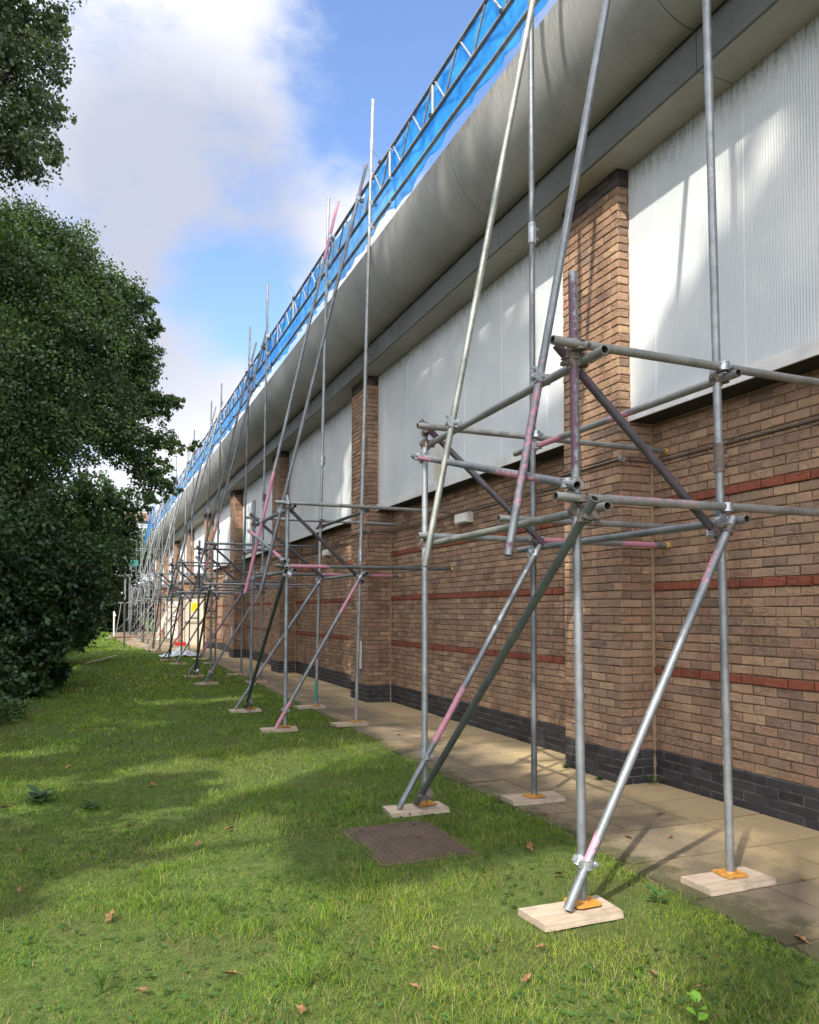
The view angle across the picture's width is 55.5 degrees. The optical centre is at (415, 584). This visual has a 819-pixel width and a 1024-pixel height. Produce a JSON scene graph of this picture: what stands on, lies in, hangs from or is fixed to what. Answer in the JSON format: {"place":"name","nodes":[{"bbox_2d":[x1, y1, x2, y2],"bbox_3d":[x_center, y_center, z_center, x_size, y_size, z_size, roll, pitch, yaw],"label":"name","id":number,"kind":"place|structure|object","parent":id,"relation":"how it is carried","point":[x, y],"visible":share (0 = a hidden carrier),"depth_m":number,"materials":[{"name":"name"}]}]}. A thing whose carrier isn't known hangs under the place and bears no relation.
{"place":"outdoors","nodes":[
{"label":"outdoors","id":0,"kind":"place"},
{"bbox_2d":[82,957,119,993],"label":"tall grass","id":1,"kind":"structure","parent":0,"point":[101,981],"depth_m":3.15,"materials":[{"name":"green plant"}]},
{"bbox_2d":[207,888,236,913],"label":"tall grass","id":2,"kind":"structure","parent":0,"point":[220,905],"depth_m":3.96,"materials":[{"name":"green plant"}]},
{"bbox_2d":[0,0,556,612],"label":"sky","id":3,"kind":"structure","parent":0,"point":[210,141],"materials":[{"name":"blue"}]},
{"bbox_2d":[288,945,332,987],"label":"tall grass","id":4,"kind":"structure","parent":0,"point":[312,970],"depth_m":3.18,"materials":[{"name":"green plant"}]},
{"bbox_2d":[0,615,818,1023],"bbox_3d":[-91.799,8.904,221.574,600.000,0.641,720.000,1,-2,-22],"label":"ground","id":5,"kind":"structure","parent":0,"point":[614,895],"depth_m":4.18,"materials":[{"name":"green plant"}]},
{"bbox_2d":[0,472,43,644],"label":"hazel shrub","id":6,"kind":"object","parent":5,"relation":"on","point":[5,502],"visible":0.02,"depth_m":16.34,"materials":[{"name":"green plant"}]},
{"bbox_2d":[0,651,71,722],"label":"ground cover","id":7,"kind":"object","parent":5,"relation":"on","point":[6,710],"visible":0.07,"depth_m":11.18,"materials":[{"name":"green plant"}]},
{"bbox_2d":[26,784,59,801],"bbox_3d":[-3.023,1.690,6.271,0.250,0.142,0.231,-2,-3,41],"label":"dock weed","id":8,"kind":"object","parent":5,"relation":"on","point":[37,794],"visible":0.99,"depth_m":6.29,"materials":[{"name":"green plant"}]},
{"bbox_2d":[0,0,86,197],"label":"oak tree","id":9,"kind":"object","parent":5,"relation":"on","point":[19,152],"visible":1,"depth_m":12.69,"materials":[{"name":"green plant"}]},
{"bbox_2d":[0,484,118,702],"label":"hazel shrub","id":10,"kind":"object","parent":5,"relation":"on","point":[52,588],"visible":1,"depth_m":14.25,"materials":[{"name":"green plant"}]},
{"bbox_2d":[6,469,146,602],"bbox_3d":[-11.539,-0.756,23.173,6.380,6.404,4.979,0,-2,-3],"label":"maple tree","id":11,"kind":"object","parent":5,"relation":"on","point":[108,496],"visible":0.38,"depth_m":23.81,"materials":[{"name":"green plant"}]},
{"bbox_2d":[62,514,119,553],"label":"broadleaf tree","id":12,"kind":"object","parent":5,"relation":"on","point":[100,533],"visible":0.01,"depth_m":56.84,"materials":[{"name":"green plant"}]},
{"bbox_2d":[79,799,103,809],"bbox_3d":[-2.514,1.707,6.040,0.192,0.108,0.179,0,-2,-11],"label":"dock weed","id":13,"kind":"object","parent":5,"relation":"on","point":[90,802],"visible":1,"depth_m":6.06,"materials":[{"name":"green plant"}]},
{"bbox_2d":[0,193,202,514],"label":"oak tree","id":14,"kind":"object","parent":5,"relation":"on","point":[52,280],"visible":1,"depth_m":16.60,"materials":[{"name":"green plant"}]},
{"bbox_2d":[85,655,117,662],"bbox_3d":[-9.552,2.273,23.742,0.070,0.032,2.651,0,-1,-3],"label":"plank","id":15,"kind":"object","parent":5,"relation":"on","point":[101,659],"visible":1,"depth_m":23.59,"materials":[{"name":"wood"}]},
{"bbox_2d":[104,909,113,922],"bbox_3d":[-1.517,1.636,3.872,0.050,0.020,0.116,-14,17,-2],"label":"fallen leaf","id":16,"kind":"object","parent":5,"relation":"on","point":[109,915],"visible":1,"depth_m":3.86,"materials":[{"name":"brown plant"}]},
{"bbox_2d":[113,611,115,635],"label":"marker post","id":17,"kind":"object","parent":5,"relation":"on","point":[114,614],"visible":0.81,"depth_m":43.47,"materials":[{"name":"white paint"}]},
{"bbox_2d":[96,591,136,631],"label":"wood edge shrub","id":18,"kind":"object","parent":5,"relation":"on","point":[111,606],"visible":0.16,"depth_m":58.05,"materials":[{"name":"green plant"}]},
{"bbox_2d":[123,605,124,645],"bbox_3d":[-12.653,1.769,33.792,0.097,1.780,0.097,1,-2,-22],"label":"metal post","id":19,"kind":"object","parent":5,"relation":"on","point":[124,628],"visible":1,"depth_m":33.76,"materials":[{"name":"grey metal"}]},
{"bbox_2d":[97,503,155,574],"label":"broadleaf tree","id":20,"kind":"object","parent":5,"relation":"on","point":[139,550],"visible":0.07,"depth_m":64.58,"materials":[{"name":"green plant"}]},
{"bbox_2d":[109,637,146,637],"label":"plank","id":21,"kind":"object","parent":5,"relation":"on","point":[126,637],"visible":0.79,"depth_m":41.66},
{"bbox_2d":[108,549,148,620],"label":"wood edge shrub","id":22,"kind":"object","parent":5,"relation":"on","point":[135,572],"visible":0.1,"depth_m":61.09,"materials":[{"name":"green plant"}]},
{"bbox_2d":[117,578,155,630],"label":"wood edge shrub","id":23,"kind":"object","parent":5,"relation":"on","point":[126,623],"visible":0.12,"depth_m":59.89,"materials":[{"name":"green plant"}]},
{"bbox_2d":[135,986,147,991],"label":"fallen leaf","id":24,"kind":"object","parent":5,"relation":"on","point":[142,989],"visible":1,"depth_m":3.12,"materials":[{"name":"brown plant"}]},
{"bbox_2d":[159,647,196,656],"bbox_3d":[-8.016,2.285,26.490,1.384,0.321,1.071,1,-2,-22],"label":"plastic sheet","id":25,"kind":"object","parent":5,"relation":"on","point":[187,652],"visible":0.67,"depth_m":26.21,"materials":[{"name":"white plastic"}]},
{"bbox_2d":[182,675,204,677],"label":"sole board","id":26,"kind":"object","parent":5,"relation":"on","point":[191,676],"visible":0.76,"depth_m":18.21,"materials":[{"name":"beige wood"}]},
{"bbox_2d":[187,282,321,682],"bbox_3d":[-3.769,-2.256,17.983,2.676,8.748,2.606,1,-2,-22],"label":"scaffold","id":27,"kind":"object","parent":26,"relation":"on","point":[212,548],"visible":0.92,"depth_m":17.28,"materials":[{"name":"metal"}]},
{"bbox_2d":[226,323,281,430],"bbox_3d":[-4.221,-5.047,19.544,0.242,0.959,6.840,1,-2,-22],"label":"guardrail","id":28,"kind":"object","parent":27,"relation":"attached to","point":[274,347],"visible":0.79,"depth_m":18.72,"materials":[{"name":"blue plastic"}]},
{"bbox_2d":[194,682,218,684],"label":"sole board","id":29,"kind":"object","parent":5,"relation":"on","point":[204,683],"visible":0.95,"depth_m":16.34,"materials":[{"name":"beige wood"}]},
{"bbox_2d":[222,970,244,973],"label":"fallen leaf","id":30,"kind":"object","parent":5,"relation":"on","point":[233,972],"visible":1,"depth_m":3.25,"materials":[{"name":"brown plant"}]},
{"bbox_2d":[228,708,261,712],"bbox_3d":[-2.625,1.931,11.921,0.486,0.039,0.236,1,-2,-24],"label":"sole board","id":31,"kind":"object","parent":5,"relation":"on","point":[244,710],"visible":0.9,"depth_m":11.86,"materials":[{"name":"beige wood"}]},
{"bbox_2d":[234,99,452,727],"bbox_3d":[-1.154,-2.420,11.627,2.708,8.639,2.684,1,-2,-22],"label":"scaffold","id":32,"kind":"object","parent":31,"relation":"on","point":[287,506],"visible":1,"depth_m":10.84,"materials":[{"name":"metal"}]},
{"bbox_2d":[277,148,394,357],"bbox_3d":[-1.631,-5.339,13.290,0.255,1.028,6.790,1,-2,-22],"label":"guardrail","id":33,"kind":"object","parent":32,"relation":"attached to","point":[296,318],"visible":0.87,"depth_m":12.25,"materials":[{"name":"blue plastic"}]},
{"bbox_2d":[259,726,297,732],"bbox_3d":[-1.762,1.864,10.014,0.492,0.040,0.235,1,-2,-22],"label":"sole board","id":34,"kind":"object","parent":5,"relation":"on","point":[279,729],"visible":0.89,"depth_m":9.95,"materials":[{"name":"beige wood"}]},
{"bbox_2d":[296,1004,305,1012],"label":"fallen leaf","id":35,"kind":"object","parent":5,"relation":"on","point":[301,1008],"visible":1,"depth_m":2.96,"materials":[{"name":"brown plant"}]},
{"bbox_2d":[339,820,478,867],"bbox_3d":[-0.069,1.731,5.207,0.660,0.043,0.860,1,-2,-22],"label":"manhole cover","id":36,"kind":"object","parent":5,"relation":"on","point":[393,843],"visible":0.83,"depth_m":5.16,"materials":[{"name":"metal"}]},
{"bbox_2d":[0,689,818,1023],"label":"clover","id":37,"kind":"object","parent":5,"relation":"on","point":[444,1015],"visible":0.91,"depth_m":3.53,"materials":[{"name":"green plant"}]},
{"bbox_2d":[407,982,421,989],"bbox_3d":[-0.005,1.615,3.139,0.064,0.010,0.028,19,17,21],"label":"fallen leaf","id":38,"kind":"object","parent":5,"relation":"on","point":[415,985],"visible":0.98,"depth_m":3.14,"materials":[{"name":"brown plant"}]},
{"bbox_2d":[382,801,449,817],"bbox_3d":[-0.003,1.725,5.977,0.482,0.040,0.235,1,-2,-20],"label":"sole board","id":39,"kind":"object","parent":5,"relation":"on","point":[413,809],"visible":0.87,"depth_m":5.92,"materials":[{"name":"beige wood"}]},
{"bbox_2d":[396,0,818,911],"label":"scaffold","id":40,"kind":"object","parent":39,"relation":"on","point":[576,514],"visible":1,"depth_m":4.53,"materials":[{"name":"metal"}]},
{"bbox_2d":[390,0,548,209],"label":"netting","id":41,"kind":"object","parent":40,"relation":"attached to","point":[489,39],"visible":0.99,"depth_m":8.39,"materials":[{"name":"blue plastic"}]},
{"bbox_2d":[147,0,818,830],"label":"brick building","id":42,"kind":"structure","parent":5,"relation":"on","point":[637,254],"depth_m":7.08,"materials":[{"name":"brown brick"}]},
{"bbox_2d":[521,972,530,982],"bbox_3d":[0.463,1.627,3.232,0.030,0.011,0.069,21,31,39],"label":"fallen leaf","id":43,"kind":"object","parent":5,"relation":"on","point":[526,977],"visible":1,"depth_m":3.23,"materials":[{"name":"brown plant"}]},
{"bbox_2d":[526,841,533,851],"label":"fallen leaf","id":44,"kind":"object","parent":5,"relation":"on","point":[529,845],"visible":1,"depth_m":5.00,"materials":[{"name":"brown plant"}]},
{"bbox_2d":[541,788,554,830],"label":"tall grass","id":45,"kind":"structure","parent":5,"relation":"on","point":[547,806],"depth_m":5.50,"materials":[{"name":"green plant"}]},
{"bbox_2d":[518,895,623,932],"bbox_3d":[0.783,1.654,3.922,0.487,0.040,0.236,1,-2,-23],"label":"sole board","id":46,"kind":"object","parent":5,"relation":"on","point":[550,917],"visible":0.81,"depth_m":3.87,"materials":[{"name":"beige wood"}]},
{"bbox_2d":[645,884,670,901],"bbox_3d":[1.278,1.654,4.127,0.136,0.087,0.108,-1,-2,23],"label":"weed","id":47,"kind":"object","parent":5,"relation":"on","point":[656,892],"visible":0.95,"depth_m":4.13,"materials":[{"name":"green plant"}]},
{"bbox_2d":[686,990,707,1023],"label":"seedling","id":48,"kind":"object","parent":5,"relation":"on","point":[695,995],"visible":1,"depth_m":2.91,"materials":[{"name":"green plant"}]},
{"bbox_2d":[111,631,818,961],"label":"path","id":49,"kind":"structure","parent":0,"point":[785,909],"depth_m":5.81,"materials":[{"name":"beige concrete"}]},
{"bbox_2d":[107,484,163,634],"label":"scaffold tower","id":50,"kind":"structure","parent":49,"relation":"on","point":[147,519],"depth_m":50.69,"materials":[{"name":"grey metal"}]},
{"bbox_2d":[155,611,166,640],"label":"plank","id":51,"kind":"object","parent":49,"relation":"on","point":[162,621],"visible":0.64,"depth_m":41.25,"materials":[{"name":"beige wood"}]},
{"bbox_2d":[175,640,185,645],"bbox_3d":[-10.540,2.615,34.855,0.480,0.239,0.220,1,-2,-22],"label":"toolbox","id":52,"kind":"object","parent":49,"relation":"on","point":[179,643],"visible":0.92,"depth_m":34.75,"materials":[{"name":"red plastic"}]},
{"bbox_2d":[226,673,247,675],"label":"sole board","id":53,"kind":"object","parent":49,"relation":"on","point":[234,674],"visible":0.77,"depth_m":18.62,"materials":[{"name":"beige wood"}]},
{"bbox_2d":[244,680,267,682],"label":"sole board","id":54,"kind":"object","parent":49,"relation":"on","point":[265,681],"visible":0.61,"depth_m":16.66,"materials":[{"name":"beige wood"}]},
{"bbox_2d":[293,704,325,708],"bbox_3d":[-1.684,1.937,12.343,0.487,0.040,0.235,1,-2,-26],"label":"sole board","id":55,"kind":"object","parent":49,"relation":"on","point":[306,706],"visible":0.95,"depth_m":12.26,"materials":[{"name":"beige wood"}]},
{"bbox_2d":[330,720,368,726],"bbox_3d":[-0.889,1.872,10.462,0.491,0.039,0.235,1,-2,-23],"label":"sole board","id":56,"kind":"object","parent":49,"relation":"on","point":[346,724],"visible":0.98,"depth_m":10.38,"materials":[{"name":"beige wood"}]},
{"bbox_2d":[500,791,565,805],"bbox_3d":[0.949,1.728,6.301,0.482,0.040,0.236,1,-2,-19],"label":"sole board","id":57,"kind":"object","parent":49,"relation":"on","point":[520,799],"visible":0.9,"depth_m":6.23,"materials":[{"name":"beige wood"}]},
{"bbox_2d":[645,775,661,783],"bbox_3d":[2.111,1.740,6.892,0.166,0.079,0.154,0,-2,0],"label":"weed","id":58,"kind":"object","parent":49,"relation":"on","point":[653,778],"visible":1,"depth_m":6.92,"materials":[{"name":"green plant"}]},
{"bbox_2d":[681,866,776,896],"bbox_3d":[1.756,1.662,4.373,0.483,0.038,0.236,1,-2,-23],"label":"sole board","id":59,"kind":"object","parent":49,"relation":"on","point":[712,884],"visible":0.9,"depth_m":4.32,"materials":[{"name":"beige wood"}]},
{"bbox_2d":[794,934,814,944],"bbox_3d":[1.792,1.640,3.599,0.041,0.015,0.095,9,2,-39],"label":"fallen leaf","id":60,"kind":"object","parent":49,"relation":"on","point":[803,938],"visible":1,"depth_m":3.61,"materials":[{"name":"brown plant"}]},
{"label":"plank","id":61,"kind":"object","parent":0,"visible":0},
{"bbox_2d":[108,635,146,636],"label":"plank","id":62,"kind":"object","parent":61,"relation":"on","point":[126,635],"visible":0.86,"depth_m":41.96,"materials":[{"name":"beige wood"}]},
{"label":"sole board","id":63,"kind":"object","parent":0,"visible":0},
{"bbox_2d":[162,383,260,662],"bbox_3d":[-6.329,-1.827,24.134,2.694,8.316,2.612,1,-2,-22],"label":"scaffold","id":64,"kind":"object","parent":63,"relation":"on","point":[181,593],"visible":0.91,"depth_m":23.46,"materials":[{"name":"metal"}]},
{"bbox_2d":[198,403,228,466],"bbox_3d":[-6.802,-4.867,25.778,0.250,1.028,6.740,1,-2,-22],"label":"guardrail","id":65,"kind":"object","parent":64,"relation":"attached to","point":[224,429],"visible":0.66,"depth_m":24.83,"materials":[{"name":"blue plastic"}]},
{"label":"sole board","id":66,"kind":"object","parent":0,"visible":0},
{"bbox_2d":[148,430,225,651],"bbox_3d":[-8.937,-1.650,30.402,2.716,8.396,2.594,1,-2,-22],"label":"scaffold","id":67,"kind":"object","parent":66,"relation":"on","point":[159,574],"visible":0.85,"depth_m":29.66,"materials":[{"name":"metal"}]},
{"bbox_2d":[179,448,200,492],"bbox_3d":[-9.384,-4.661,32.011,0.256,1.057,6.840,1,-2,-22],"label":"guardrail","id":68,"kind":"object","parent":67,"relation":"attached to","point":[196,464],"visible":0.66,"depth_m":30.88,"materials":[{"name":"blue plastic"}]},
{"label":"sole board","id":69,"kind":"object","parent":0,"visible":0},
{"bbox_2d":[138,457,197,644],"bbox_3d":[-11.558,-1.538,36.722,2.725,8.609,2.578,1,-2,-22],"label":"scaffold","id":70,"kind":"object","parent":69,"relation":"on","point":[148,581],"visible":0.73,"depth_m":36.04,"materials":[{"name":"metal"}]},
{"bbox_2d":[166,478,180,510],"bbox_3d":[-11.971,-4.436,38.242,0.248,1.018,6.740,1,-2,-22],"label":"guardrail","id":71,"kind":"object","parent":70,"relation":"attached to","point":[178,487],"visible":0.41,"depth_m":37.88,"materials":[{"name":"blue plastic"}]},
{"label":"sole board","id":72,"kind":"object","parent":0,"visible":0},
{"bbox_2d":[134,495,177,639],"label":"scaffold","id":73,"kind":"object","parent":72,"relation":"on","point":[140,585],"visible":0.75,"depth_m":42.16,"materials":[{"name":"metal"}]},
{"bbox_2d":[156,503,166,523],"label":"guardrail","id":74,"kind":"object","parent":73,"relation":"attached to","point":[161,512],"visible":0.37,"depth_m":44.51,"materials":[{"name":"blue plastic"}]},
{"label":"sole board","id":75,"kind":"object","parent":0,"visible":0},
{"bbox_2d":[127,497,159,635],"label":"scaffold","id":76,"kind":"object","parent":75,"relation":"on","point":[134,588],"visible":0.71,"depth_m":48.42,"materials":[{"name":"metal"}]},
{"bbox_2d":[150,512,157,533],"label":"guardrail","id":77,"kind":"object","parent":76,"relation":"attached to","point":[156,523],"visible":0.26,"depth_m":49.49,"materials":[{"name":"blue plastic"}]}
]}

| WORK ORDER |
In the data above, find each line that uses the string "outdoors". Copy it.

| YOUR RESPONSE |
{"place":"outdoors","nodes":[
{"label":"outdoors","id":0,"kind":"place"},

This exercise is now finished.